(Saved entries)
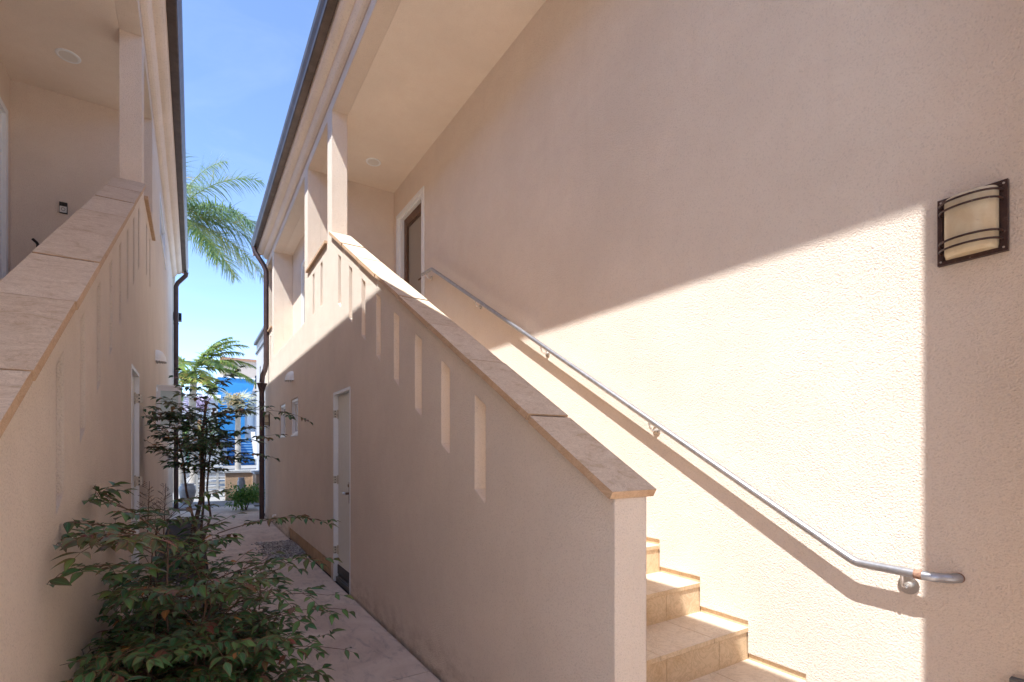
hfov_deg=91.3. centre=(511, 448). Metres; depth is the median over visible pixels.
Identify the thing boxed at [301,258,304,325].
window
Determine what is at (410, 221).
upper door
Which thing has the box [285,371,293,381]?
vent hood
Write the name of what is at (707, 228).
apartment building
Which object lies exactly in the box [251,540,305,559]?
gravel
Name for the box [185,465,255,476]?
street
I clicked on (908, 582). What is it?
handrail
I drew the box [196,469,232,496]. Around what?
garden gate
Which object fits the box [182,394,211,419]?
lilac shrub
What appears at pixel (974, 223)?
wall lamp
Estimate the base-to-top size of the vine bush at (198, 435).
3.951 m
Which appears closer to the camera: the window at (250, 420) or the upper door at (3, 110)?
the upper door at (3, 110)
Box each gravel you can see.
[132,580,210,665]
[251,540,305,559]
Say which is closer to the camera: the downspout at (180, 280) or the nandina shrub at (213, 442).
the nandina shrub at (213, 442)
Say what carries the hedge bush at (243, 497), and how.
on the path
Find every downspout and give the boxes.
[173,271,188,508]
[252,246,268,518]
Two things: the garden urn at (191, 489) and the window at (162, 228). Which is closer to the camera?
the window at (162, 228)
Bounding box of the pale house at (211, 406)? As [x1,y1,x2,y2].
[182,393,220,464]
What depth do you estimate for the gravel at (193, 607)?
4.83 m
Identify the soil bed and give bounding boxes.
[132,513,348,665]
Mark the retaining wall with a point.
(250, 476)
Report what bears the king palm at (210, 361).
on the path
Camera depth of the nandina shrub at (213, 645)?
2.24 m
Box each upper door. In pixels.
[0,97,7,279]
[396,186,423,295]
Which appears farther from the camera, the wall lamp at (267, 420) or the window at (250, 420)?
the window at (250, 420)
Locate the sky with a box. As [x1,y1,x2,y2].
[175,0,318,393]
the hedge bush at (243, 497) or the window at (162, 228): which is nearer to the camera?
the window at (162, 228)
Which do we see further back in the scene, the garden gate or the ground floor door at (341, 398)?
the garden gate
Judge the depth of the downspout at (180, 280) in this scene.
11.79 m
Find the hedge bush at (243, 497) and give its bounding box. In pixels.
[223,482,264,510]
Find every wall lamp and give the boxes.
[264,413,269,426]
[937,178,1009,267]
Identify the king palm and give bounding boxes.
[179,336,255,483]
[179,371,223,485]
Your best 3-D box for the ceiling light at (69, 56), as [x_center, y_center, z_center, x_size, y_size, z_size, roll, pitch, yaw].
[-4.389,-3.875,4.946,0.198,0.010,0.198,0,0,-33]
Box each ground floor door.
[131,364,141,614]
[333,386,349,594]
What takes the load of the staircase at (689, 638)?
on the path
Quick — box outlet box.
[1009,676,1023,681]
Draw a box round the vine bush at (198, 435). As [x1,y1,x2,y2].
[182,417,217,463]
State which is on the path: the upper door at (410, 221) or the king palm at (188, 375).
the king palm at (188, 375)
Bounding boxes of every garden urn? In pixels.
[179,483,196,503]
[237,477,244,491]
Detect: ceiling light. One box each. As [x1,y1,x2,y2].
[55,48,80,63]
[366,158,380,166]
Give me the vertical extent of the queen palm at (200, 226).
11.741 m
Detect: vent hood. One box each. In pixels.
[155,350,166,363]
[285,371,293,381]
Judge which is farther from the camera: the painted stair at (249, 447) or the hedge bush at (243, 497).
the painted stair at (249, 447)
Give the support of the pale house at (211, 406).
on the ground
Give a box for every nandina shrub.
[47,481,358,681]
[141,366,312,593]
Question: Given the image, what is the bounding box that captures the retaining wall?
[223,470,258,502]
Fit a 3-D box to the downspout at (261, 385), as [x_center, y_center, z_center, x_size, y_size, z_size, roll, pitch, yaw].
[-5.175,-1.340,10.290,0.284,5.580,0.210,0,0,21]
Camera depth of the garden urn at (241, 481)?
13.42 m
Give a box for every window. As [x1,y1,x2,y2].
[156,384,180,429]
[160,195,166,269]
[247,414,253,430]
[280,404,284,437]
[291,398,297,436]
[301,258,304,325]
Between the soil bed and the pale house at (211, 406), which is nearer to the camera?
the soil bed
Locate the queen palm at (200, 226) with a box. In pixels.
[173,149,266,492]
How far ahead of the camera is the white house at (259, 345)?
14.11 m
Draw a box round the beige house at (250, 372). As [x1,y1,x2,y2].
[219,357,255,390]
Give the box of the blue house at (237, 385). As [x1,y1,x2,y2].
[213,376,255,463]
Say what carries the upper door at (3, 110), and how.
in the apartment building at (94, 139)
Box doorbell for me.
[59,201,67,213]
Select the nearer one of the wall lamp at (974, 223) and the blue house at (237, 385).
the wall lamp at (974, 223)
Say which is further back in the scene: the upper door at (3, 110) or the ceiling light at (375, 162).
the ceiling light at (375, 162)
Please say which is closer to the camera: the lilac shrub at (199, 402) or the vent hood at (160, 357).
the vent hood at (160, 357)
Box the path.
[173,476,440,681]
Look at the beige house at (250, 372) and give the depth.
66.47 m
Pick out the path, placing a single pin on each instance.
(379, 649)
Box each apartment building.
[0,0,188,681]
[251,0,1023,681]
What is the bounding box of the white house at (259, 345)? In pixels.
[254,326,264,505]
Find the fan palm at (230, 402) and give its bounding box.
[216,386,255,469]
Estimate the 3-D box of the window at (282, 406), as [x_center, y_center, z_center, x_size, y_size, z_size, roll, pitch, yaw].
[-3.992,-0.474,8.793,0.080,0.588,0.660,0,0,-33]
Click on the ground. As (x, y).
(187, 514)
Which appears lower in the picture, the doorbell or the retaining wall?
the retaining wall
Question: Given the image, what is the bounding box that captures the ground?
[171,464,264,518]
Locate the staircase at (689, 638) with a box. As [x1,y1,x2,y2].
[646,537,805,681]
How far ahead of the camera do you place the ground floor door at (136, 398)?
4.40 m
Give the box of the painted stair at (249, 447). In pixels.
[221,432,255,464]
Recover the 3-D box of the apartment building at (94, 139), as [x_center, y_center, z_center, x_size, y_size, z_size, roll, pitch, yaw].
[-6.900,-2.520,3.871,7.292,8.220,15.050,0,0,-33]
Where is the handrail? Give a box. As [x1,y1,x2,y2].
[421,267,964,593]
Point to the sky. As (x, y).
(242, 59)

• ABOUT THIS EXERCISE
Please print the records above once more, word for word, omitting all pictures.

• ANSWER TO THIS PROBLEM
hfov_deg=91.3. centre=(511, 448). Metres; depth is the median over visible pixels.
Identify the thing boxed at [301,258,304,325].
window
Determine what is at (410, 221).
upper door
Which thing has the box [285,371,293,381]?
vent hood
Write the name of what is at (707, 228).
apartment building
Which object lies exactly in the box [251,540,305,559]?
gravel
Name for the box [185,465,255,476]?
street
I clicked on (908, 582). What is it?
handrail
I drew the box [196,469,232,496]. Around what?
garden gate
Which object fits the box [182,394,211,419]?
lilac shrub
What appears at pixel (974, 223)?
wall lamp
Estimate the base-to-top size of the vine bush at (198, 435).
3.951 m
Which appears closer to the camera: the window at (250, 420) or the upper door at (3, 110)?
the upper door at (3, 110)
Box each gravel you can see.
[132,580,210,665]
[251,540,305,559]
Say which is closer to the camera: the downspout at (180, 280) or the nandina shrub at (213, 442).
the nandina shrub at (213, 442)
Say what carries the hedge bush at (243, 497), and how.
on the path
Find every downspout and give the boxes.
[173,271,188,508]
[252,246,268,518]
Two things: the garden urn at (191, 489) and the window at (162, 228). Which is closer to the camera?
the window at (162, 228)
Bounding box of the pale house at (211, 406)? As [x1,y1,x2,y2].
[182,393,220,464]
What depth do you estimate for the gravel at (193, 607)?
4.83 m
Identify the soil bed and give bounding boxes.
[132,513,348,665]
Mark the retaining wall with a point.
(250, 476)
Report what bears the king palm at (210, 361).
on the path
Camera depth of the nandina shrub at (213, 645)?
2.24 m
Box each upper door. In pixels.
[0,97,7,279]
[396,186,423,295]
Which appears farther from the camera, the wall lamp at (267, 420) or the window at (250, 420)?
the window at (250, 420)
Locate the sky with a box. As [x1,y1,x2,y2].
[175,0,318,393]
the hedge bush at (243, 497) or the window at (162, 228): which is nearer to the camera?
the window at (162, 228)
Which do we see further back in the scene, the garden gate or the ground floor door at (341, 398)?
the garden gate
Judge the depth of the downspout at (180, 280) in this scene.
11.79 m
Find the hedge bush at (243, 497) and give its bounding box. In pixels.
[223,482,264,510]
Find every wall lamp and give the boxes.
[264,413,269,426]
[937,178,1009,267]
Identify the king palm and give bounding boxes.
[179,336,255,483]
[179,371,223,485]
Your best 3-D box for the ceiling light at (69, 56), as [x_center, y_center, z_center, x_size, y_size, z_size, roll, pitch, yaw].
[-4.389,-3.875,4.946,0.198,0.010,0.198,0,0,-33]
Box each ground floor door.
[131,364,141,614]
[333,386,349,594]
What takes the load of the staircase at (689, 638)?
on the path
Quick — box outlet box.
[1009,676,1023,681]
Draw a box round the vine bush at (198, 435). As [x1,y1,x2,y2].
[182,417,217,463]
State which is on the path: the upper door at (410, 221) or the king palm at (188, 375).
the king palm at (188, 375)
Bounding boxes of every garden urn? In pixels.
[179,483,196,503]
[237,477,244,491]
Detect: ceiling light. One box each. As [x1,y1,x2,y2].
[55,48,80,63]
[366,158,380,166]
Give me the vertical extent of the queen palm at (200, 226).
11.741 m
Detect: vent hood. One box each. In pixels.
[155,350,166,363]
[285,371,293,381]
Judge which is farther from the camera: the painted stair at (249, 447) or the hedge bush at (243, 497).
the painted stair at (249, 447)
Give the support of the pale house at (211, 406).
on the ground
Give a box for every nandina shrub.
[47,481,358,681]
[141,366,312,593]
Question: Given the image, what is the bounding box that captures the retaining wall?
[223,470,258,502]
Fit a 3-D box to the downspout at (261, 385), as [x_center, y_center, z_center, x_size, y_size, z_size, roll, pitch, yaw].
[-5.175,-1.340,10.290,0.284,5.580,0.210,0,0,21]
Camera depth of the garden urn at (241, 481)?
13.42 m
Give a box for every window. As [x1,y1,x2,y2].
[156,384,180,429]
[160,195,166,269]
[247,414,253,430]
[280,404,284,437]
[291,398,297,436]
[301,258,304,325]
Between the soil bed and the pale house at (211, 406), which is nearer to the camera?
the soil bed
Locate the queen palm at (200, 226) with a box. In pixels.
[173,149,266,492]
How far ahead of the camera is the white house at (259, 345)?
14.11 m
Draw a box round the beige house at (250, 372). As [x1,y1,x2,y2].
[219,357,255,390]
Give the box of the blue house at (237, 385). As [x1,y1,x2,y2].
[213,376,255,463]
Say what carries the upper door at (3, 110), and how.
in the apartment building at (94, 139)
Box doorbell for me.
[59,201,67,213]
Select the nearer one of the wall lamp at (974, 223) and the blue house at (237, 385).
the wall lamp at (974, 223)
Say which is further back in the scene: the upper door at (3, 110) or the ceiling light at (375, 162).
the ceiling light at (375, 162)
Please say which is closer to the camera: the lilac shrub at (199, 402) or the vent hood at (160, 357).
the vent hood at (160, 357)
Box the path.
[173,476,440,681]
Look at the beige house at (250, 372) and give the depth.
66.47 m
Pick out the path, placing a single pin on each instance.
(379, 649)
Box each apartment building.
[0,0,188,681]
[251,0,1023,681]
What is the bounding box of the white house at (259, 345)? In pixels.
[254,326,264,505]
Find the fan palm at (230, 402) and give its bounding box.
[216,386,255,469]
Estimate the 3-D box of the window at (282, 406), as [x_center, y_center, z_center, x_size, y_size, z_size, roll, pitch, yaw].
[-3.992,-0.474,8.793,0.080,0.588,0.660,0,0,-33]
Click on the ground. As (x, y).
(187, 514)
Which appears lower in the picture, the doorbell or the retaining wall?
the retaining wall
Question: Given the image, what is the bounding box that captures the ground?
[171,464,264,518]
Locate the staircase at (689, 638) with a box. As [x1,y1,x2,y2].
[646,537,805,681]
How far ahead of the camera do you place the ground floor door at (136, 398)?
4.40 m
Give the box of the painted stair at (249, 447). In pixels.
[221,432,255,464]
Recover the 3-D box of the apartment building at (94, 139), as [x_center, y_center, z_center, x_size, y_size, z_size, roll, pitch, yaw].
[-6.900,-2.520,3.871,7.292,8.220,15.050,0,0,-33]
Where is the handrail? Give a box. As [x1,y1,x2,y2].
[421,267,964,593]
Point to the sky. As (x, y).
(242, 59)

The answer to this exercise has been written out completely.